岩国寿司(
いわくにずし)とは
山口県の内、主に
岩国市周辺で作られる
押し寿司の一種であり、その規模、豪華さは日本屈指といえよう。地元では「角ずし」と呼ばれることが多い。
概要
- 今から約380年前、岩国藩で収穫された米と蓮根に野菜を配し、近海の魚の身を入れ、保存食にするため味付けを寿司にした。保存食である理由は、山城であり、水が確保できない岩国城においての合戦に備えるため。

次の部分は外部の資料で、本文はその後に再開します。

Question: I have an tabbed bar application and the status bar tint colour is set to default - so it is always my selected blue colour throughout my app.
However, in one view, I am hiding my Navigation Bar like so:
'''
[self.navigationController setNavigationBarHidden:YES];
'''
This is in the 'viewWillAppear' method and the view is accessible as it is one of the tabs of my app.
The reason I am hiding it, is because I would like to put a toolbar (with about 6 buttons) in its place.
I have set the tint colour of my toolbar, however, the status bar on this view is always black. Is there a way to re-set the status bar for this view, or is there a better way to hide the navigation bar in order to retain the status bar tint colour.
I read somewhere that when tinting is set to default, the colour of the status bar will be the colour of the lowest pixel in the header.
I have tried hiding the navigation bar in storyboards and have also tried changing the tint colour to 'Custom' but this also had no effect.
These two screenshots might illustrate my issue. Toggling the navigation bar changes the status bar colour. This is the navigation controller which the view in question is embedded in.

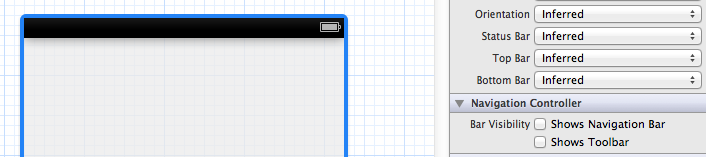
Answer: Ahh!!! I have a working solution... albeit a very dirty and makeshift solution.
1. Simply hide the navigation bar in storyboards (As shown in image in question - uncheck Shows Navigation Bar).
2. Drag a Navigation Bar into the view.
3. Set it's Alpha to 0 and uncheck User Interaction Enabled - DO NOT MAKE HIDDEN
4. Make sure the Navigation Bar is on the top - as shown in following image.
This way your status bar will pick up the correct colour without showing a Navigation Bar.
Hopefully a more resilient/nicer way to do this will be in a recent Xcode update.
To make a toolbar look like a navigation bar:
1. Position the toolbar -1 on the Y axis
2. Create a label (with no text) with a height of 44px, width 320px and position at 0,0. This will be the bottom border for the tab bar. For best results, take a screenshot of a page of your app and use software to get the colour of the border - this is the darkest part of the tab before the shadow begins (use this colour as the background of the label).

そのため別名「殿様寿司」とも言われる角ずし。
- 見た目が鮮やかであるため、一見ちらし寿司風である。2〜3人前ずつ一層で作られる通常の押し寿司と異なり、一度に3升〜1斗もの大きな木枠に何層にも重ね、サンドイッチ状にする作り方である。層の区切りに仕切り板を使うものは全国にあるが、バショウやハスの葉を用いるのがユニークである。
- 炊いた飯を酢飯にして、春菊などの青菜、岩国名産のレンコン、椎茸、錦糸卵などをのせ、サワラやアジなどの生魚の身をほぐして混ぜ込むのが特徴。これを一人前ずつに切り分けて供するため、一度に数十人前が出来上がることになる。
画像:JaIwakuni1IwakuniSushiAj01CR.jpg| 岩国寿司の一例 海老は後乗せ(2006年12月1日撮影)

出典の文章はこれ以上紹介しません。